[PROBLEM TO SOLVE]
Omitting all images, give the entries that follow again exactly as they read.

______

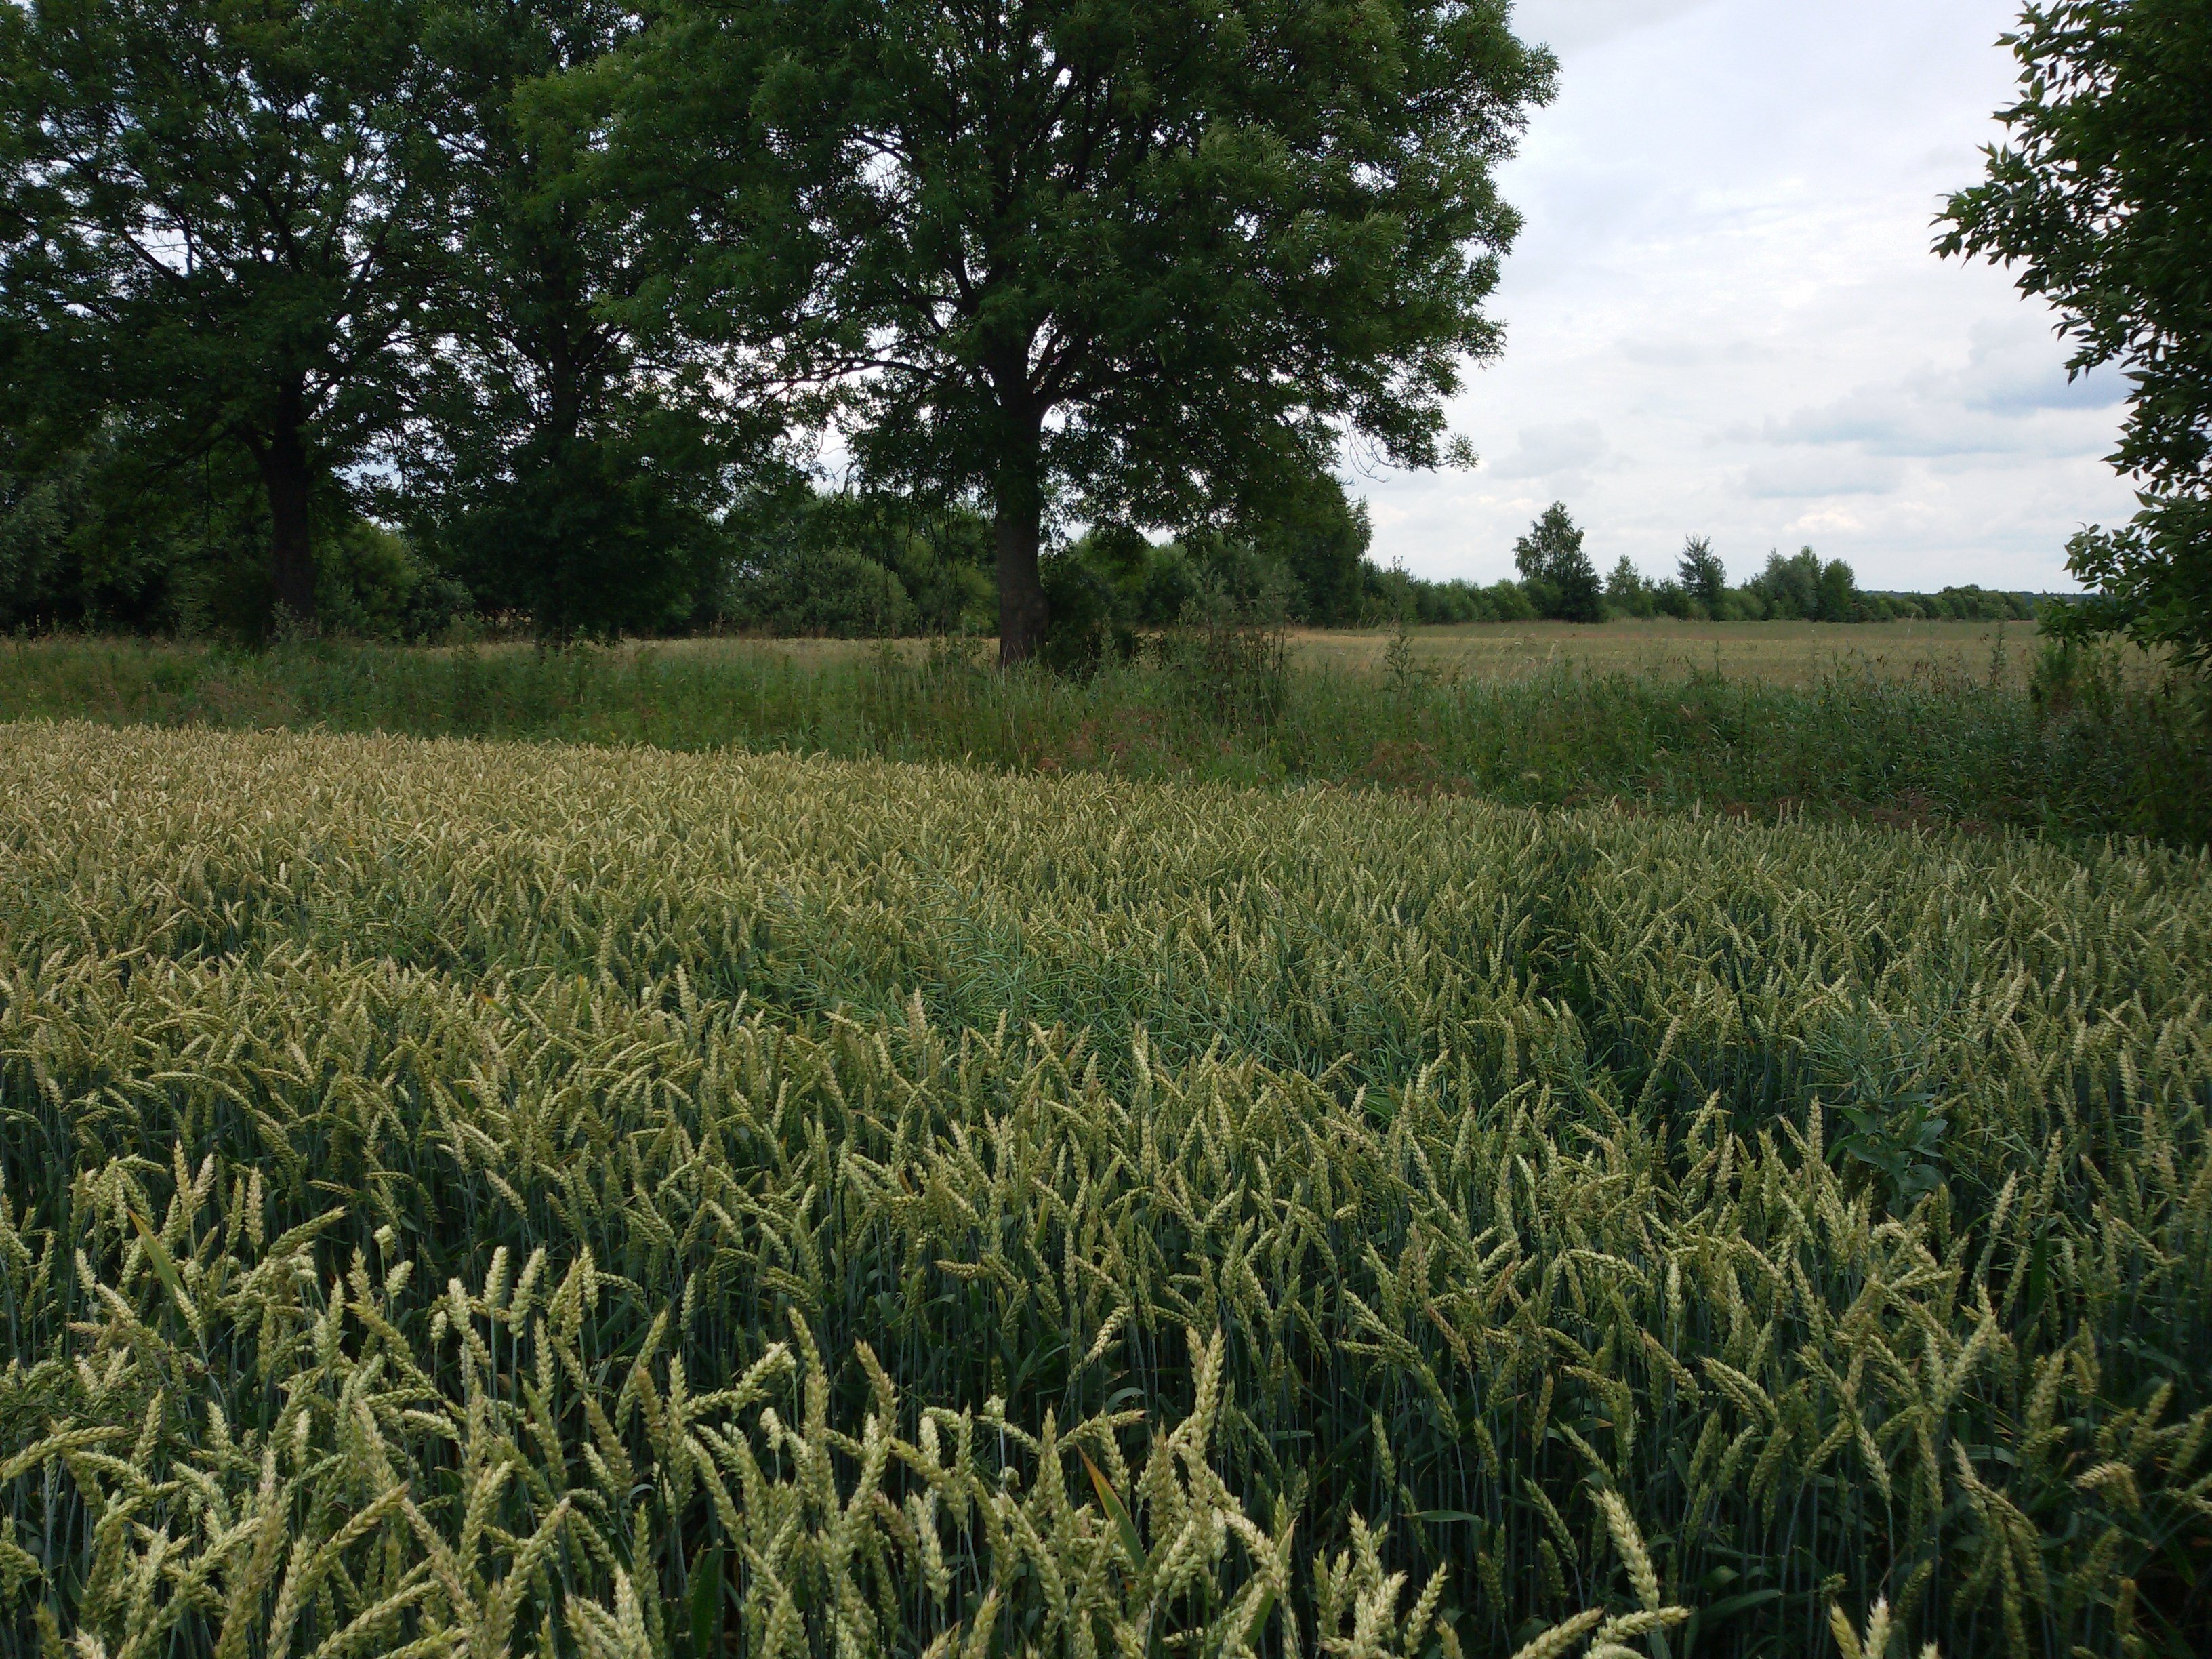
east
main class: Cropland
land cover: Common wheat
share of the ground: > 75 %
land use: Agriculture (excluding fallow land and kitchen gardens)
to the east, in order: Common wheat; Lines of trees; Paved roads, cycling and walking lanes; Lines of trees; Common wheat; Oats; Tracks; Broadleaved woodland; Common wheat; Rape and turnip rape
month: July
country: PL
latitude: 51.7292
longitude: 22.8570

______

[OUTPUT]
east
main class: Cropland
land cover: Common wheat
share of the ground: > 75 %
land use: Agriculture (excluding fallow land and kitchen gardens)
to the east, in order: Common wheat; Lines of trees; Paved roads, cycling and walking lanes; Lines of trees; Common wheat; Oats; Tracks; Broadleaved woodland; Common wheat; Rape and turnip rape
month: July
country: PL
latitude: 51.7292
longitude: 22.8570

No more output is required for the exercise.